Op grond van het voorgaande oordeelt de rechtbank dat [naam 1] op 24 maart 2019 te Tilburg onder bedreiging van geweld is overvallen door twee daders, waarbij een bedrag van ongeveer € 460,- is gestolen.
Is verdachte een van de daders?
De rechtbank ziet zich vervolgens voor de vraag gesteld of verdachte een van de daders van de overval is. Volgens de verdediging kan niet wettig en overtuigend worden bewezen dat verdachte betrokken is bij het tenlastegelegde feit.

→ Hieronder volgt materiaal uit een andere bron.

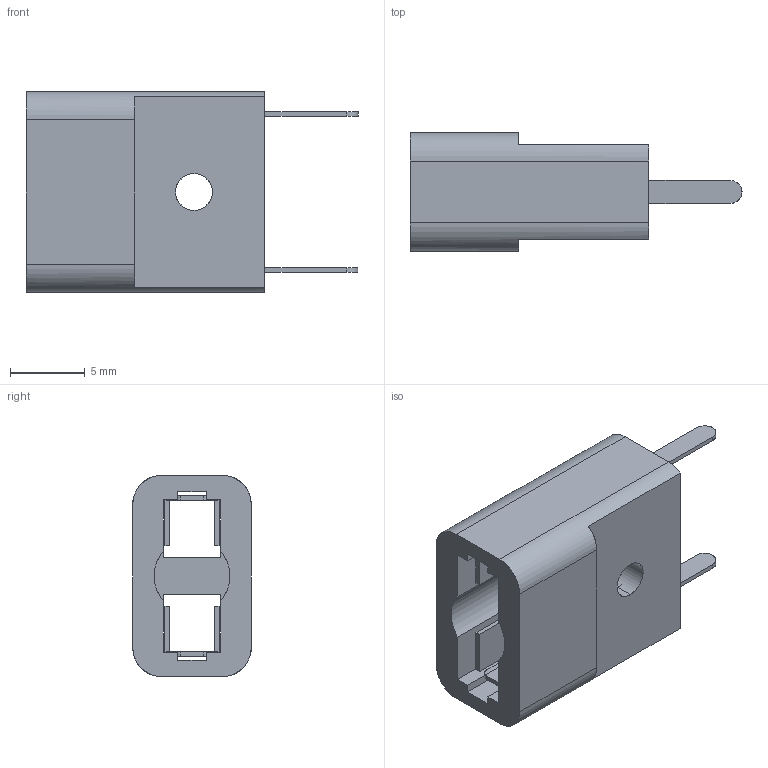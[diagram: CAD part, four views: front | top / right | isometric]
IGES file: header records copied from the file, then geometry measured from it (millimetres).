
Start section: SolidWorks IGES file using analytic representation for surfaces
Global section: file name: 23-35.IGS; native system: SolidWorks 2018; preprocessor: SolidWorks 2018; author: chwang; date: 190604.092947; units: inch
Bounding box: 22.24 x 7.92 x 13.46 mm (x, y, z)
Surface area: 1775.9 mm2 (no closed solid volume)
Topology: 0 solids, 0 shells, 99 faces, 740 edges, 740 vertices
Faces by surface type: bspline 85, revolution 14
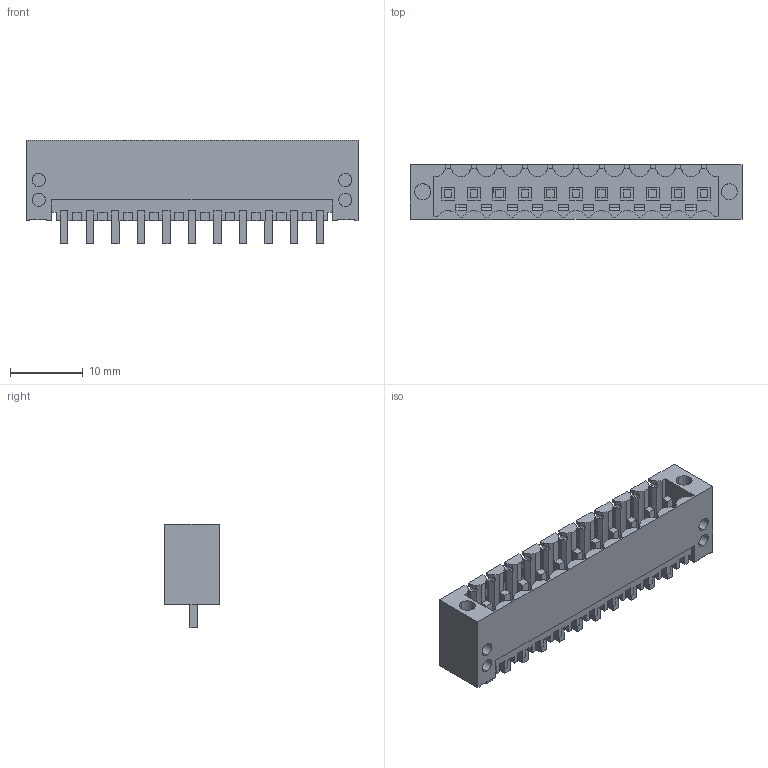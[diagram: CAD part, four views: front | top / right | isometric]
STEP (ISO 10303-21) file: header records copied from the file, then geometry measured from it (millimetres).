
FILE_DESCRIPTION(('CATIA V5 STEP Exchange','CAx-IF Rec.Pracs.--- Model Styling and Organization---1.2---2011-12-15'),'2;1');
FILE_NAME ('D1457301_0_1842860000_1842860000.stp','2018-03-13T12:04:43+00:00',('none'),('Weidmueller'),'CATIA Version 5-6 Release 2014','CATIA V5 STEP AP214','none');
FILE_SCHEMA(('AUTOMOTIVE_DESIGN { 1 0 10303 214 1 1 1 1 }'));
Length unit declared in the file: millimetre
Products named in the file (1): 1842860000
Bounding box: 45.5 x 7.45 x 14.25 mm (x, y, z)
Volume: 1668.9 mm3; surface area: 4172.2 mm2
Topology: 12 solids, 12 shells, 905 faces, 2634 edges, 1788 vertices
Faces by surface type: plane 806, cylinder 99
Entity records: 31024 total; most frequent: CARTESIAN_POINT 6460, ORIENTED_EDGE 5268, DIRECTION 4251, EDGE_CURVE 2634, VECTOR 2392, LINE 2392, VERTEX_POINT 1788, EDGE_LOOP 962
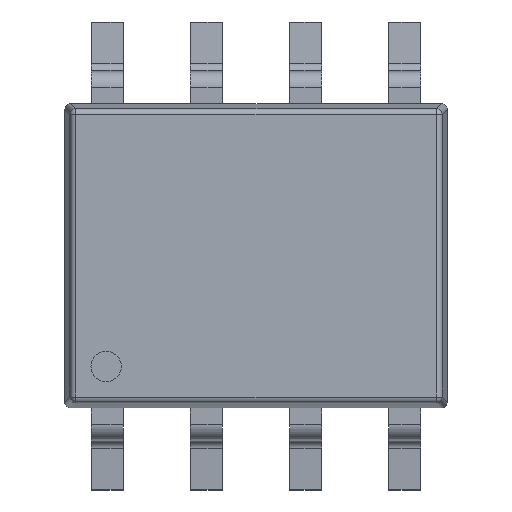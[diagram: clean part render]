
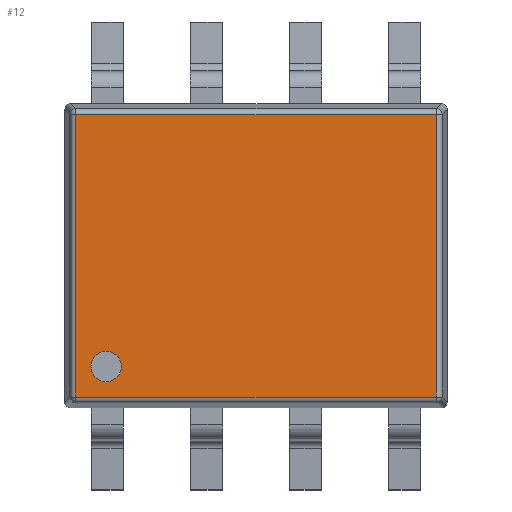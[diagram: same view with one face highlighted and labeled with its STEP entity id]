
A CAD part, top view. The second image highlights one B-rep face of the part: STEP entity #12.
In plain terms, the highlighted planar face has unit normal (0, 0, 1).
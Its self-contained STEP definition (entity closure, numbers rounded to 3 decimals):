
#12 = ADVANCED_FACE ( 'NONE', ( #5611, #1636 ), #2796, .T. ) ;
#626 = EDGE_CURVE ( 'NONE', #1258, #6049, #6402, .T. ) ;
#812 = DIRECTION ( 'NONE',  ( 1., 0., 0. ) ) ;
#1258 = VERTEX_POINT ( 'NONE', #4951 ) ;
#1326 = ORIENTED_EDGE ( 'NONE', *, *, #6173, .F. ) ;
#1392 = ORIENTED_EDGE ( 'NONE', *, *, #4869, .T. ) ;
#1412 = DIRECTION ( 'NONE',  ( 0., 1., 0. ) ) ;
#1447 = AXIS2_PLACEMENT_3D ( 'NONE', #5502, #7203, #5098 ) ;
#1636 = FACE_OUTER_BOUND ( 'NONE', #3986, .T. ) ;
#1697 = CARTESIAN_POINT ( 'NONE',  ( -1.921, -1.421, 0.787 ) ) ;
#1898 = CARTESIAN_POINT ( 'NONE',  ( -2.378, 1.811, 0.787 ) ) ;
#1936 = VECTOR ( 'NONE', #4114, 1000. ) ;
#2042 = ORIENTED_EDGE ( 'NONE', *, *, #626, .T. ) ;
#2325 = EDGE_CURVE ( 'NONE', #3461, #3030, #5356, .T. ) ;
#2407 = AXIS2_PLACEMENT_3D ( 'NONE', #1697, #6142, #3920 ) ;
#2448 = CARTESIAN_POINT ( 'NONE',  ( 2.311, -1.811, 0.787 ) ) ;
#2489 = DIRECTION ( 'NONE',  ( 1., 0., 0. ) ) ;
#2796 = PLANE ( 'NONE',  #1447 ) ;
#3030 = VERTEX_POINT ( 'NONE', #3873 ) ;
#3039 = LINE ( 'NONE', #1898, #1936 ) ;
#3185 = VECTOR ( 'NONE', #812, 1000. ) ;
#3321 = LINE ( 'NONE', #4516, #3970 ) ;
#3328 = EDGE_CURVE ( 'NONE', #6678, #4866, #3039, .T. ) ;
#3461 = VERTEX_POINT ( 'NONE', #3548 ) ;
#3548 = CARTESIAN_POINT ( 'NONE',  ( -2.116, -1.421, 0.787 ) ) ;
#3690 = CARTESIAN_POINT ( 'NONE',  ( 2.311, 1.811, 0.787 ) ) ;
#3873 = CARTESIAN_POINT ( 'NONE',  ( -1.726, -1.421, 0.787 ) ) ;
#3920 = DIRECTION ( 'NONE',  ( 1., 0., 0. ) ) ;
#3970 = VECTOR ( 'NONE', #5464, 1000. ) ;
#3986 = EDGE_LOOP ( 'NONE', ( #5644, #1392, #2042, #5164 ) ) ;
#4114 = DIRECTION ( 'NONE',  ( -1., 0., 0. ) ) ;
#4441 = VECTOR ( 'NONE', #1412, 1000. ) ;
#4516 = CARTESIAN_POINT ( 'NONE',  ( -2.311, -1.878, 0.787 ) ) ;
#4594 = EDGE_CURVE ( 'NONE', #6049, #6678, #5421, .T. ) ;
#4829 = CIRCLE ( 'NONE', #5769, 0.195 ) ;
#4866 = VERTEX_POINT ( 'NONE', #6601 ) ;
#4869 = EDGE_CURVE ( 'NONE', #4866, #1258, #3321, .T. ) ;
#4881 = CARTESIAN_POINT ( 'NONE',  ( 2.311, 1.878, 0.787 ) ) ;
#4951 = CARTESIAN_POINT ( 'NONE',  ( -2.311, -1.811, 0.787 ) ) ;
#5098 = DIRECTION ( 'NONE',  ( 1., 0., 0. ) ) ;
#5117 = EDGE_LOOP ( 'NONE', ( #1326, #7053 ) ) ;
#5164 = ORIENTED_EDGE ( 'NONE', *, *, #4594, .T. ) ;
#5356 = CIRCLE ( 'NONE', #2407, 0.195 ) ;
#5371 = DIRECTION ( 'NONE',  ( 0., 0., 1. ) ) ;
#5421 = LINE ( 'NONE', #4881, #4441 ) ;
#5464 = DIRECTION ( 'NONE',  ( 0., -1., 0. ) ) ;
#5502 = CARTESIAN_POINT ( 'NONE',  ( 0., 0., 0.787 ) ) ;
#5611 = FACE_BOUND ( 'NONE', #5117, .T. ) ;
#5644 = ORIENTED_EDGE ( 'NONE', *, *, #3328, .T. ) ;
#5769 = AXIS2_PLACEMENT_3D ( 'NONE', #7036, #5371, #2489 ) ;
#6049 = VERTEX_POINT ( 'NONE', #2448 ) ;
#6142 = DIRECTION ( 'NONE',  ( 0., 0., 1. ) ) ;
#6173 = EDGE_CURVE ( 'NONE', #3030, #3461, #4829, .T. ) ;
#6327 = CARTESIAN_POINT ( 'NONE',  ( 2.378, -1.811, 0.787 ) ) ;
#6402 = LINE ( 'NONE', #6327, #3185 ) ;
#6601 = CARTESIAN_POINT ( 'NONE',  ( -2.311, 1.811, 0.787 ) ) ;
#6678 = VERTEX_POINT ( 'NONE', #3690 ) ;
#7036 = CARTESIAN_POINT ( 'NONE',  ( -1.921, -1.421, 0.787 ) ) ;
#7053 = ORIENTED_EDGE ( 'NONE', *, *, #2325, .F. ) ;
#7203 = DIRECTION ( 'NONE',  ( 0., 0., 1. ) ) ;

De rechtbank overweegt dat mevrouw [naam 2] , directrice van de school waarop verdachte ten tijde van het tenlastegelegde zat, een verklaring heeft afgelegd. Zij heeft verklaard dat zij op school geruchten had gehoord dat leerlingen dader 1 op de beelden van [naam 8] herkenden als een leerling van de school. Anders dan de verdediging is de rechtbank van oordeel dat [naam 2] verdachte herkent als dader 1 uit eigen waarneming. [naam 2] heeft immers aangegeven dat zij na het horen van die geruchten zelf de beelden heeft teruggekeken. Verdachte heeft problemen met zijn motoriek, waardoor zijn linkerarm en –hand een beetje hangen. [naam 2] herkent verdachte op de beelden aan zijn slanke postuur, zijn romp, de manier van lopen, de vorm van zijn hoofd, de manier waarop hij zijn hoofd omhoog tilt, de houding van de linkerarm en -hand en zijn kapsel. Verdachte heeft schoenen met blauwe veters, net als dader 1 op de beelden.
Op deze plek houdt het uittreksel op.